In fMRI analysis, the scientist seeks to aggregate multi-subject fMRI data so that inferences shared across subjects can be achieved. The challenge is to eliminate the variability of anatomical structure and functional topography of the human brain, which calls for aligning fMRI data across subjects. However, the existing methods do not exploit the geometry of the stimuli, which can be inferred by using certain domain knowledge and then serve as a priori. In this paper, such geometry is encoded in a graph matrix, and we propose an algorithm named Graph Hyperalignment for leveraging it. Specifically, a kernel-based optimization is developed to allow for non-linear feature extraction.
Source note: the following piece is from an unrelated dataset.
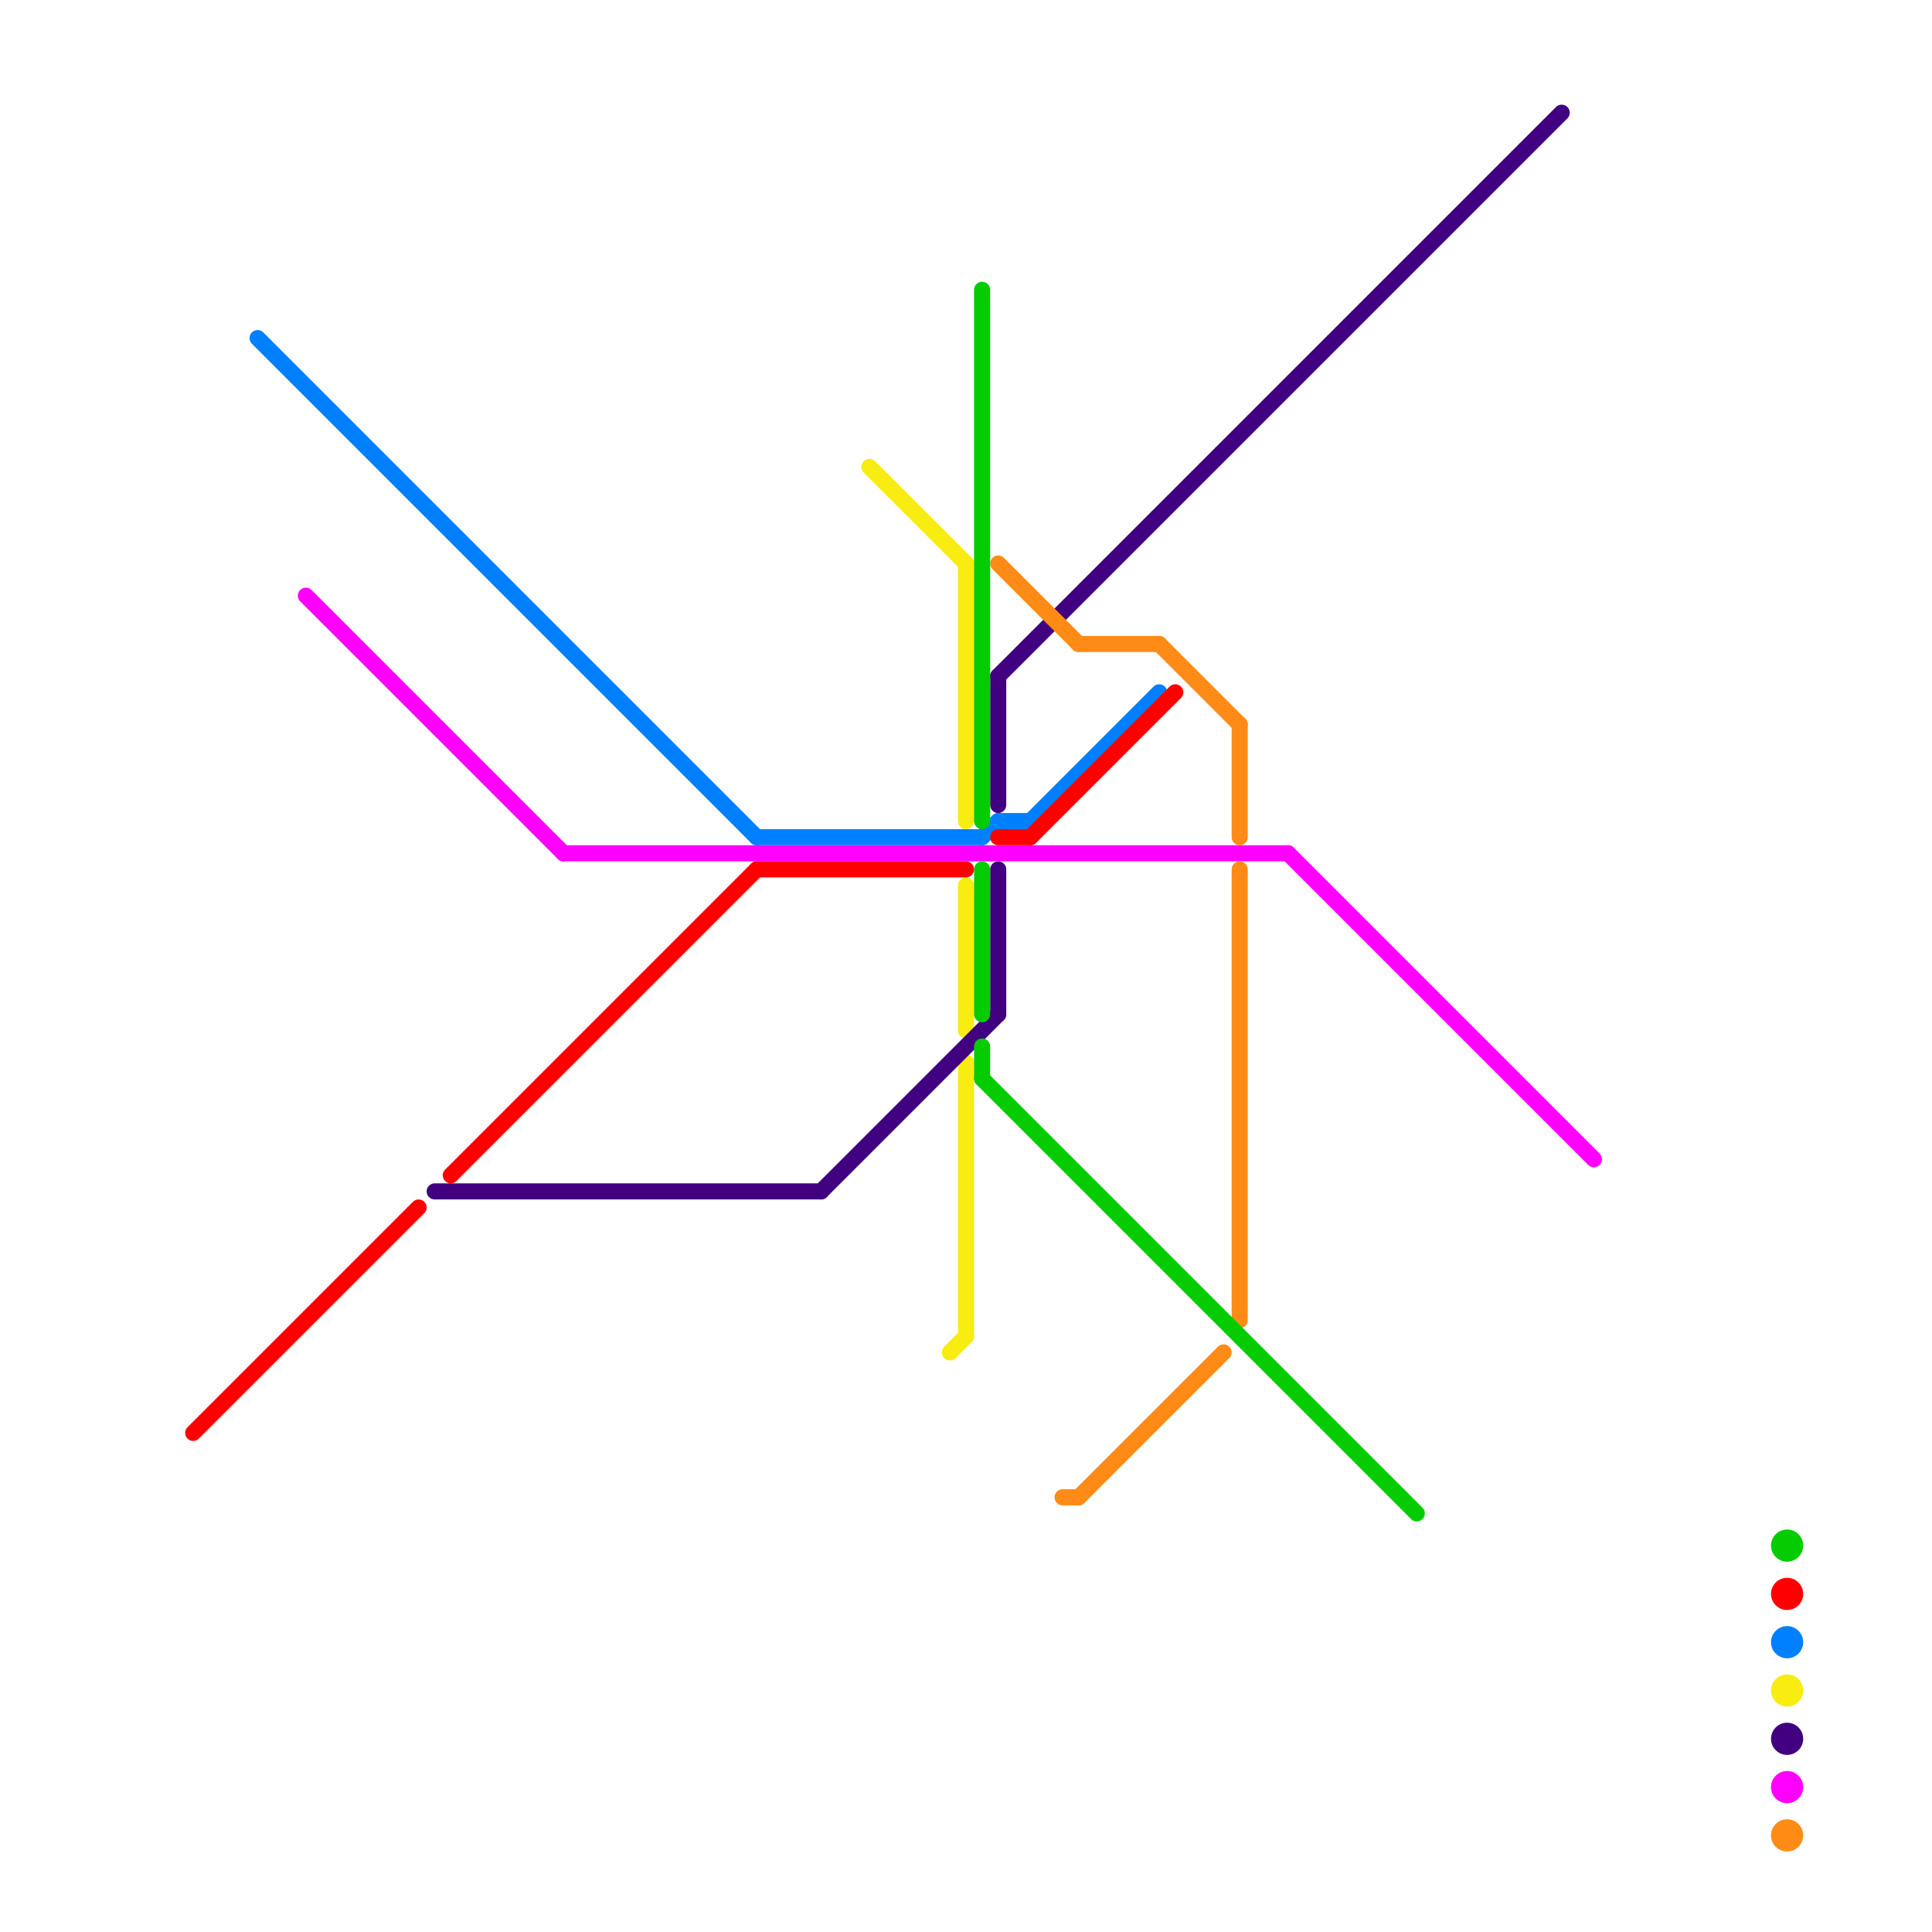 
<svg version="1.1" xmlns="http://www.w3.org/2000/svg" viewBox="0 0 120 120">
<style>text { font: 1px Helvetica; font-weight: 600; white-space: pre; dominant-baseline: central; } line { stroke-width: 1; fill: none; stroke-linecap: round; stroke-linejoin: round; } .c0 { stroke: #0080ff } .c1 { stroke: #f8ec10 } .c2 { stroke: #400080 } .c3 { stroke: #ff00ff } .c4 { stroke: #ff8b17 } .c5 { stroke: #05cc00 } .c6 { stroke: #ff0000 }</style><defs><g id="wm-xf"><circle r="1.2" fill="#000"/><circle r="0.9" fill="#fff"/><circle r="0.6" fill="#000"/><circle r="0.3" fill="#fff"/></g><g id="wm"><circle r="0.6" fill="#000"/><circle r="0.3" fill="#fff"/></g></defs><line class="c0" x1="16" y1="21" x2="47" y2="52"/><line class="c0" x1="64" y1="51" x2="72" y2="43"/><line class="c0" x1="47" y1="52" x2="61" y2="52"/><line class="c0" x1="62" y1="51" x2="64" y2="51"/><line class="c0" x1="61" y1="52" x2="62" y2="51"/><circle cx="111" cy="102" r="1" fill="#0080ff" /><line class="c1" x1="60" y1="66" x2="60" y2="83"/><line class="c1" x1="54" y1="29" x2="60" y2="35"/><line class="c1" x1="60" y1="35" x2="60" y2="51"/><line class="c1" x1="59" y1="84" x2="60" y2="83"/><line class="c1" x1="60" y1="55" x2="60" y2="64"/><circle cx="111" cy="105" r="1" fill="#f8ec10" /><line class="c2" x1="27" y1="74" x2="51" y2="74"/><line class="c2" x1="51" y1="74" x2="62" y2="63"/><line class="c2" x1="62" y1="42" x2="97" y2="7"/><line class="c2" x1="62" y1="54" x2="62" y2="63"/><line class="c2" x1="62" y1="42" x2="62" y2="50"/><circle cx="111" cy="108" r="1" fill="#400080" /><line class="c3" x1="80" y1="53" x2="99" y2="72"/><line class="c3" x1="35" y1="53" x2="80" y2="53"/><line class="c3" x1="19" y1="37" x2="35" y2="53"/><circle cx="111" cy="111" r="1" fill="#ff00ff" /><line class="c4" x1="67" y1="93" x2="76" y2="84"/><line class="c4" x1="67" y1="40" x2="72" y2="40"/><line class="c4" x1="77" y1="45" x2="77" y2="52"/><line class="c4" x1="72" y1="40" x2="77" y2="45"/><line class="c4" x1="66" y1="93" x2="67" y2="93"/><line class="c4" x1="62" y1="35" x2="67" y2="40"/><line class="c4" x1="77" y1="54" x2="77" y2="82"/><circle cx="111" cy="114" r="1" fill="#ff8b17" /><line class="c5" x1="61" y1="54" x2="61" y2="63"/><line class="c5" x1="61" y1="18" x2="61" y2="51"/><line class="c5" x1="61" y1="67" x2="88" y2="94"/><line class="c5" x1="61" y1="65" x2="61" y2="67"/><circle cx="111" cy="96" r="1" fill="#05cc00" /><line class="c6" x1="12" y1="89" x2="26" y2="75"/><line class="c6" x1="28" y1="73" x2="47" y2="54"/><line class="c6" x1="64" y1="52" x2="73" y2="43"/><line class="c6" x1="62" y1="52" x2="64" y2="52"/><line class="c6" x1="47" y1="54" x2="60" y2="54"/><circle cx="111" cy="99" r="1" fill="#ff0000" />
</svg>

To tackle overfitting caused by the high-spatial-and-low-temporal resolution of fMRI, the data in the new feature space are assumed to lie in a low-dimensional affine subspace, which can be implicitly integrated into the proposed optimization. Unlike other iterative existing methods, GHA reaches an optimal solution directly. Examining over four real datasets, Graph Hyperaligment achieves superior results to other methods.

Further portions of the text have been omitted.